From F.Y. 2009-10 onwards, amendments have been made in Income Tax Act, 1961 (“Act”) in relation to transactions which involves transfer of shares of companies, especially, companies in which public is not substantially interested, generally referred as unlisted/closely held companies. Flurry of amendment was started by Finance (No. 2) Act, 2009 with insertion of section 56(2)(vii), followed with insertion of section 56(2)(viib) by Finance Act, 2010, which was followed by introduction of section 56(2)(viib) and amendment to section 68 by Finance Act, 2012, and finally, trend was completed with entry of Section 115QA in Finance Act, 2013. Prime reason for devising all these sections, was to tap the unaccounted money being flushed into the system through issue and transfer of shares of closely held companies and secondly, to counter the tax avoidance practices carried out, using shares as a device to negate the tax liability.

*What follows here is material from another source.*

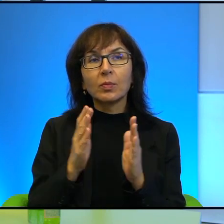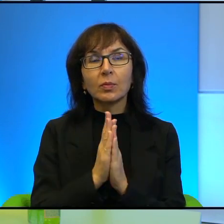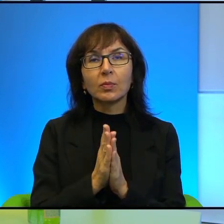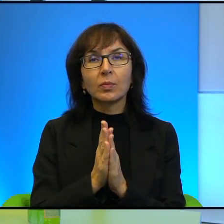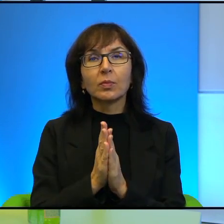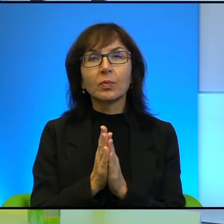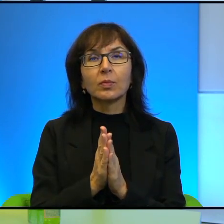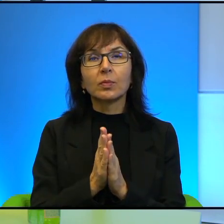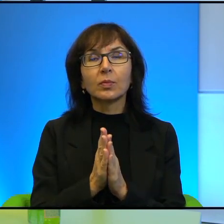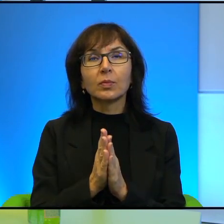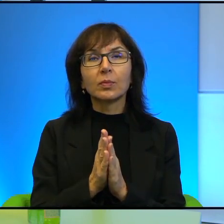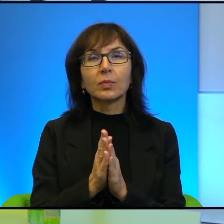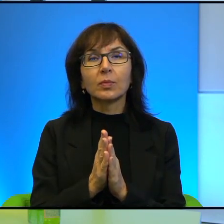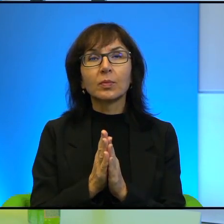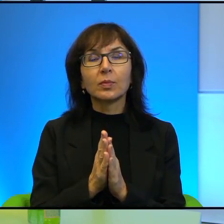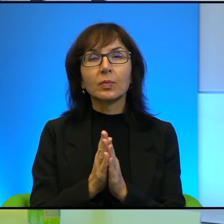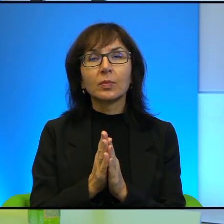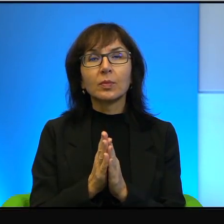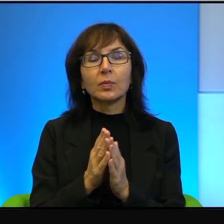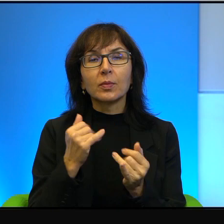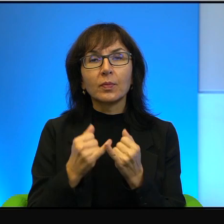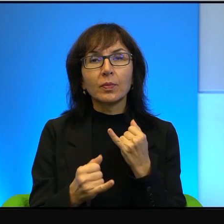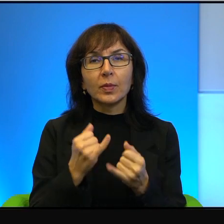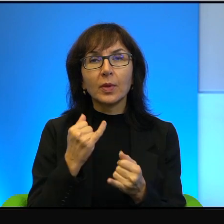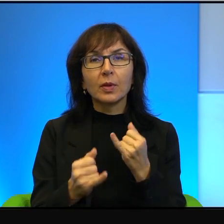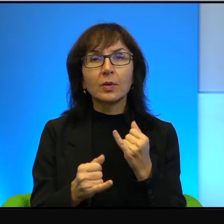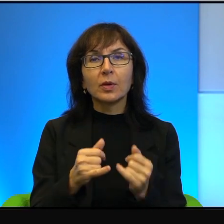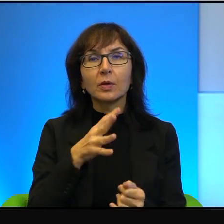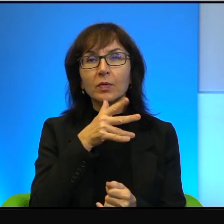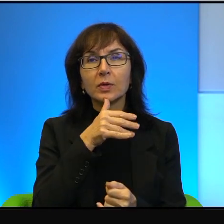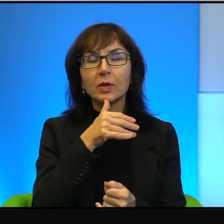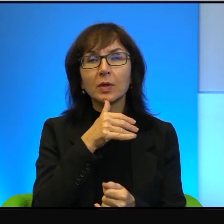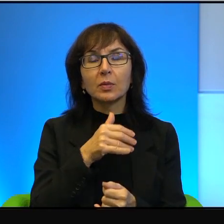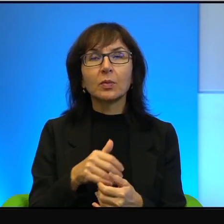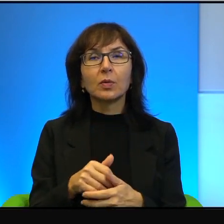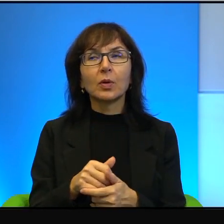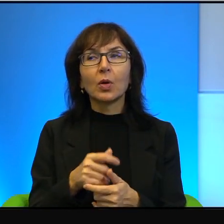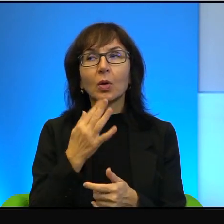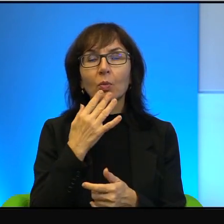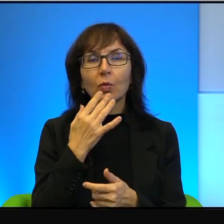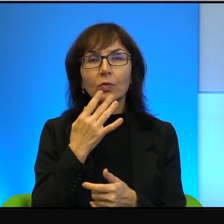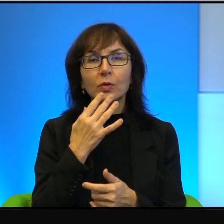No wie Pani, no jeżeli w Izraelu mówi się o jakiejś organizacji,

With this introduction, Let us have a look at the crucial changes made in the Act,

 I. Section 56(2)(vii):

1) This section was introduced by Finance (No.2) Act, 2009 w.e.f. 1st October 2009 which provides as under:

“Where an individual or a Hindu undivided family receives, in any previous year, from any person or persons on or after the 1st October, 2009

(a)    x x x x x

(b)    x x x x x

(c)    any property, other than immovable property,-

(i) without consideration, the aggregate fair market value of which exceeds fifty thousand rupees, the whole of the aggregate fair market value of such property;

(ii) For a consideration which is less than the aggregate fair market value of the property by an amount exceeding fifty thousand rupees, the aggregate fair market value of such property as exceeds such consideration.”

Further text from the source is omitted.